In February 2017, we received proceeds of $20 million for the sale of other oil and natural gas properties.
Gathering, Processing and Transportation Agreements
In February 2017, we paid approximately $290 million to assign an oil transportation agreement to a third party. In addition, we terminated future natural gas transportation commitments related to divested assets for a cash payment of approximately $103 million.
38
Liquidity and Capital Resources
Liquidity Overview
Our ability to grow, make capital expenditures and service our debt depends primarily upon the prices we receive for the oil, natural gas and NGL we sell. Substantial expenditures are required to replace reserves, sustain production and fund our business plans. Historically, oil and natural gas prices have been very volatile, and may be subject to wide fluctuations in the future. The substantial decline in oil, natural gas and NGL prices from 2014 levels has negatively affected the amount of cash we have available for capital expenditures and debt service. A substantial or extended decline in oil, natural gas and NGL prices could have a material impact on our financial position, results of operations, cash flows and on the quantities of reserves that we may economically produce. Other risks and uncertainties that could affect our liquidity include, but are not limited to, counterparty credit risk for our receivables, access to capital markets, regulatory risks and our ability to meet financial ratios and covenants in our financing agreements.
As of March 31, 2017, we had a cash balance of $249 million compared to $882 million as of December 31, 2016, and we had a net working capital deficit of $1.428 billion, compared to a net working capital deficit of $1.506 billion as of December 31, 2016. Based on our cash balance, forecasted cash flows from operating activities and availability under our revolving credit facility, we expect to be able to fund our planned capital expenditures, meet our debt service requirements and fund our other commitments and obligations for the next 12 months.
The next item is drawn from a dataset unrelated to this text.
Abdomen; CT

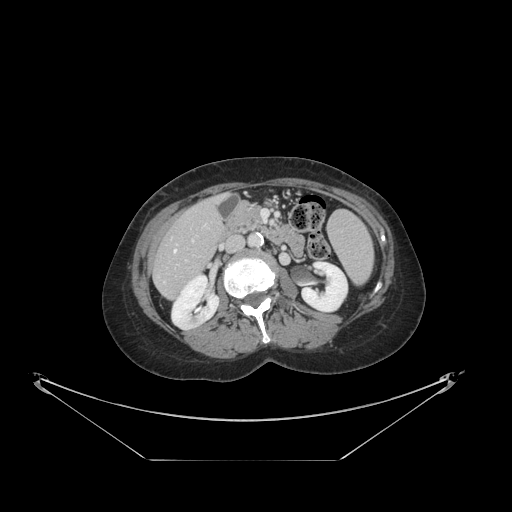
Some hepatic vessels may have no box.
2 hepatic vessel regions are located at l=192, t=239, r=193, b=241; l=173, t=249, r=176, b=252.

As of March 31, 2017, we had $3.088 billion of borrowing capacity available under our revolving credit facility, with no outstanding borrowings and $697 million utilized for various letters of credit (including the $461 million supersedeas bond with respect to the 2019 Notes litigation discussed below). See Note 3 of the notes to our condensed consolidated financial statements included in Item 1 of Part I of this report for further discussion of our debt obligations, including principal and carrying amounts of our notes.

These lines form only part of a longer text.